L'étude de Takeshi Nishimura et coll. (Primate Research Institute, Kyoto) apporte un éclairage nouveau à la connaissance du phénomène de descente laryngé qui survient chez les humains pendant la période postnatale et correspond à phénomène évolutif ayant présidé à la possibilité de phonation.
Le phénomène développemental observé chez les humains est considéré comme unique, et il a constitué le fondement des études paléoanthropologiques sur l'origine et l'évolution du langage parlé chez les humains.
Trois jeunes chimpanzés
Les chercheurs japonais ont étudié le développement de trois jeunes chimpanzés à l'aide de l'imagerie par résonance magnétique (IRM) pour observer les modifications de la région laryngée au cours du développement. Ils observent que le larynx descend, tout comme celui des bébés humains, pendant la petite enfance. Mais que le phénomène est différent, en se produisant sous la forme d'une descente rapide du squelette laryngé proche de l'os hyoïde, sans que ce dernier descende lui-même. Cette descente chez les primates est probablement associée à des modifications des mécanismes de la déglutition, et elle contribue à une indépendance entre les phénomènes de vocalisation et d'articulation nécessaires à la phonation. Les vocalisations du chimpanzé reflètent d'ailleurs cette indépendance. Au cours de l'évolution des primates vers les hominidés, la descente du larynx va se compléter par une seconde phase.
C'est ce que l'on déduit des observations comparatives entre chimpanzés et nouveau-nés humains. Chez ces derniers, l'os hyoïde et le larynx sont en position aussi élevée que chez les autres mammifères. Mais ces deux structures anatomiques descendent ensuite progressivement pendant la vie postnatale précoce (entre 4 et 6 mois d'âge). Ainsi, deux phénomènes distincts doivent être considérés. D'une part, la descente du squelette laryngé par rapport à l'os hyoïde (comme chez les chimpanzés) ; d'autre part, la descente de l'os hyoïde par rapport à la mandibule et à la base crânienne (chez les hominidés).

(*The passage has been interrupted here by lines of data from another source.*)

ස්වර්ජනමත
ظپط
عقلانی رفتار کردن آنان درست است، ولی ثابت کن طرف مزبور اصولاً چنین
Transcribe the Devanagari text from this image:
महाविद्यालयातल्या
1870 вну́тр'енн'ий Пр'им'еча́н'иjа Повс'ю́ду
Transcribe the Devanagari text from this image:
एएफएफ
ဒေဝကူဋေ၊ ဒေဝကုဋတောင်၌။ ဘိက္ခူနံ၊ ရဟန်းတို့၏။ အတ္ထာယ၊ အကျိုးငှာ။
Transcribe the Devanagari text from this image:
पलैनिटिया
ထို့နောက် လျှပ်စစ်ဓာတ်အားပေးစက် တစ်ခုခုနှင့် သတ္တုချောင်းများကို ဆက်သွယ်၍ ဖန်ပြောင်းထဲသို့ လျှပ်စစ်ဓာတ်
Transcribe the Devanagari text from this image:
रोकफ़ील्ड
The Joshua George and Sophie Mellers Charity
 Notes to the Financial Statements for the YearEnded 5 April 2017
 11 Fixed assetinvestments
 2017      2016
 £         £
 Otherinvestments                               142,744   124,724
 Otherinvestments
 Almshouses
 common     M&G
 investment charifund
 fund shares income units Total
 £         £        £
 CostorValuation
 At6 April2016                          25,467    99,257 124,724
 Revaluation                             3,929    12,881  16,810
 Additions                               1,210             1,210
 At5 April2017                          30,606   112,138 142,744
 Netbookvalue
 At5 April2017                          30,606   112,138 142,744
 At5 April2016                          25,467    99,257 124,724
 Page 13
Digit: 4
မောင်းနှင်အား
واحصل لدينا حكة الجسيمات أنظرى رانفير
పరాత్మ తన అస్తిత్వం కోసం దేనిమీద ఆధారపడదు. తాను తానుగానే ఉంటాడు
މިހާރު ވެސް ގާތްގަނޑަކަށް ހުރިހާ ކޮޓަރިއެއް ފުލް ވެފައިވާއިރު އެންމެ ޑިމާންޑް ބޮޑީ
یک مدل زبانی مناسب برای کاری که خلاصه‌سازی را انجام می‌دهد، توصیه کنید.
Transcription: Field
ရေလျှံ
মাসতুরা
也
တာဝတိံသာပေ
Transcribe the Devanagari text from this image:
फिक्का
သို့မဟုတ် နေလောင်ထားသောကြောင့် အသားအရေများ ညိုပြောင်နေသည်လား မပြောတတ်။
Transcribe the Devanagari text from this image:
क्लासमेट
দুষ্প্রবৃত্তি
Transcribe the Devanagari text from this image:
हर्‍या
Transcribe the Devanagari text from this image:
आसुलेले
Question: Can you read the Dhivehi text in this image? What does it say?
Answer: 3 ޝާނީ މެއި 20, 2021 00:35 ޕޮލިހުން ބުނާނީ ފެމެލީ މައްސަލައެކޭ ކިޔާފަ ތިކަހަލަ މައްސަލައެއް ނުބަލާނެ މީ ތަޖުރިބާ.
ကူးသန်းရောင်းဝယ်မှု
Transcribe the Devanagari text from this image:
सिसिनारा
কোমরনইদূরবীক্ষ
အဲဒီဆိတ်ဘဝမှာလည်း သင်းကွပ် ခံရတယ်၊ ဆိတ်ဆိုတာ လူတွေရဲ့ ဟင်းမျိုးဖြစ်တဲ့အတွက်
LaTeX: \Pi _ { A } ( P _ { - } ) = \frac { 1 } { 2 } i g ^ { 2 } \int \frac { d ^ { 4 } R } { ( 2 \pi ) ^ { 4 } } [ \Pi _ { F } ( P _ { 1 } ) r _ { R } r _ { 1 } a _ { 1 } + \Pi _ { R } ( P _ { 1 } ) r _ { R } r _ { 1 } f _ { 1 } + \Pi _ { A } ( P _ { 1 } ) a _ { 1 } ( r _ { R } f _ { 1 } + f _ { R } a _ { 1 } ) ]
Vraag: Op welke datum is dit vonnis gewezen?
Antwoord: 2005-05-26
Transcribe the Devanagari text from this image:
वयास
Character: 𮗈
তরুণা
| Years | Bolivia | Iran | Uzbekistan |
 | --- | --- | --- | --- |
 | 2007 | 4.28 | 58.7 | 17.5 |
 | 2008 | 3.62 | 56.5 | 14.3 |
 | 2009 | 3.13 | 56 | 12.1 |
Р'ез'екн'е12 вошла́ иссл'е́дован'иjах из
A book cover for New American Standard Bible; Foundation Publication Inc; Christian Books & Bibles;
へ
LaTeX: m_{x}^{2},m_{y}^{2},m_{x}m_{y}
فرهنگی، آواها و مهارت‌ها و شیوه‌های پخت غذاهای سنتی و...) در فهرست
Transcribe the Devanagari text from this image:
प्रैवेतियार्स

« C'est ainsi que le tractus vocal supralaryngé humain se développe pour former un double système résonateur à deux composantes de longueur égale : la composante horizontale est formée par le mur oropharyngé postérieur jusqu'aux lèvres et la composante verticale, des cordes vocales au velum. » C'est cette configuration, en combinaison avec la mobilité de la langue, qui permet la production des sons complexes de la voix humaine.
L'interaction d'un ensemble de fonctions
Jusque-là, on considérait que la descente du larynx était un phénomène évolutif survenu au cours d'un processus d'une seule traite, combiné à une diminution du prognathisme et à la déflexion de la base crânienne.
La première descente permet en fait au larynx de se mouvoir indépendamment de l'os hyoïde. Les changements subséquents du larynx qui descend le long du cou interagissent avec un ensemble de fonctions : la respiration, la déglutition et la locomotion.
Si la nouvelle conformation accroît le risque d'aspiration accidentelle pendant la déglutition, le mode adulte de déglutition est-il adapté pour réduire ce risque (fermeture de l'orifice laryngé) ?
« Si la théorie évolutionniste est correcte et que la position des structures pharyngées chez les hominidés confère des avantages, on peut supposer que la descente du pharynx est survenue en relation avec les changements du mode alimentaire et avec l'augmentation de la taille des hominidés. » Sans relation donc avec la nécessité phonatoire, qui n'existait pas, mais en constituait les prérequis.
« Proc Natl Acad Sci USA », 27 mai 2003, édition en ligne avancée.